Dataset records:
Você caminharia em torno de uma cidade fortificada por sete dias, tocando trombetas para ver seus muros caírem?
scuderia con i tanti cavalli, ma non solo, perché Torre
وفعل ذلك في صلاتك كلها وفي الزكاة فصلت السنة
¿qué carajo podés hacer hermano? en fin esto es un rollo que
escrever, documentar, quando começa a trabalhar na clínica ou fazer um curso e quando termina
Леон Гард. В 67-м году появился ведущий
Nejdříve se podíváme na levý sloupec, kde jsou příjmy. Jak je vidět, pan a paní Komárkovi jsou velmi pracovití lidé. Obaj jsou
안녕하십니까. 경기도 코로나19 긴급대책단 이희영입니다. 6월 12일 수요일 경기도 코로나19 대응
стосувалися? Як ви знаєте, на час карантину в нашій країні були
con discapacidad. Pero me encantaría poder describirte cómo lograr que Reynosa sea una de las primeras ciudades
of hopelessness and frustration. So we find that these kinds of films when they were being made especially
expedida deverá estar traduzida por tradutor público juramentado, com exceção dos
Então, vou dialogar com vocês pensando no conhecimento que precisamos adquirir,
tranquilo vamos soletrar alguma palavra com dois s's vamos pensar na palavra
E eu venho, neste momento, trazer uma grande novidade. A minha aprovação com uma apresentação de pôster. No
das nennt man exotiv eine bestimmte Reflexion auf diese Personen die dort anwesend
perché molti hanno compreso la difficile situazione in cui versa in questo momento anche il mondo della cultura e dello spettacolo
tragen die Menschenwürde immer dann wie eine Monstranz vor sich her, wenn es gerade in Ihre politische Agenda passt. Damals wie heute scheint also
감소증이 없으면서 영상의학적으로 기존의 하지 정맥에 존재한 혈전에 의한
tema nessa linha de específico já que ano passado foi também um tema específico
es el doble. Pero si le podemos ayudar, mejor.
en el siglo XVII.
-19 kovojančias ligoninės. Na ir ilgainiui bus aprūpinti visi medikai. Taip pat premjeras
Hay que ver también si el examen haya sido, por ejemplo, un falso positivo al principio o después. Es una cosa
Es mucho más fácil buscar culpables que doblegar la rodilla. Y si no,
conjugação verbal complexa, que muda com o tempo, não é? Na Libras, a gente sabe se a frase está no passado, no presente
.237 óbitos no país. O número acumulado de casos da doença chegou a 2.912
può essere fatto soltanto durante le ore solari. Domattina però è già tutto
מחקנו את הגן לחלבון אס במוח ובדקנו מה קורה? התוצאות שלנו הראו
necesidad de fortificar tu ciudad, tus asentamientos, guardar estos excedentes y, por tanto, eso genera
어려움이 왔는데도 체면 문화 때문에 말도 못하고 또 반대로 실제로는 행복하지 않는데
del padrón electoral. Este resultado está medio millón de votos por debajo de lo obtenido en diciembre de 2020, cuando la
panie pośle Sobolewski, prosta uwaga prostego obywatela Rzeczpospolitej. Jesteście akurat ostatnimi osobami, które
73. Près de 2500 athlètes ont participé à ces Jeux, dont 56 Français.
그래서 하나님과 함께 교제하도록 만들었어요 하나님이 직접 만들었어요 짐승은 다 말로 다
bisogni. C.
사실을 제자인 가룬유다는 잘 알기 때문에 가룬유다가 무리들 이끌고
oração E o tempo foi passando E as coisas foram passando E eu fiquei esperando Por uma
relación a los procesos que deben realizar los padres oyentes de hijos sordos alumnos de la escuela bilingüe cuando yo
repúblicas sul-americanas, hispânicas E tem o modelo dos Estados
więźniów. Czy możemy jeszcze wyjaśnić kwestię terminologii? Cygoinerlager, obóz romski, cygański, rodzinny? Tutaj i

▸ Aim of the exercise
Look back at the entries above. Retype the line with "감소증이 없으면서 영상의학적으로 기존의 하지 정맥에 존재한 혈전에 의한", the line with "del padrón electoral.", and all lines in between.

▸ Completed exercise
감소증이 없으면서 영상의학적으로 기존의 하지 정맥에 존재한 혈전에 의한
tema nessa linha de específico já que ano passado foi também um tema específico
es el doble. Pero si le podemos ayudar, mejor.
en el siglo XVII.
-19 kovojančias ligoninės. Na ir ilgainiui bus aprūpinti visi medikai. Taip pat premjeras
Hay que ver también si el examen haya sido, por ejemplo, un falso positivo al principio o después. Es una cosa
Es mucho más fácil buscar culpables que doblegar la rodilla. Y si no,
conjugação verbal complexa, que muda com o tempo, não é? Na Libras, a gente sabe se a frase está no passado, no presente
.237 óbitos no país. O número acumulado de casos da doença chegou a 2.912
può essere fatto soltanto durante le ore solari. Domattina però è già tutto
מחקנו את הגן לחלבון אס במוח ובדקנו מה קורה? התוצאות שלנו הראו
necesidad de fortificar tu ciudad, tus asentamientos, guardar estos excedentes y, por tanto, eso genera
어려움이 왔는데도 체면 문화 때문에 말도 못하고 또 반대로 실제로는 행복하지 않는데
del padrón electoral. Este resultado está medio millón de votos por debajo de lo obtenido en diciembre de 2020, cuando la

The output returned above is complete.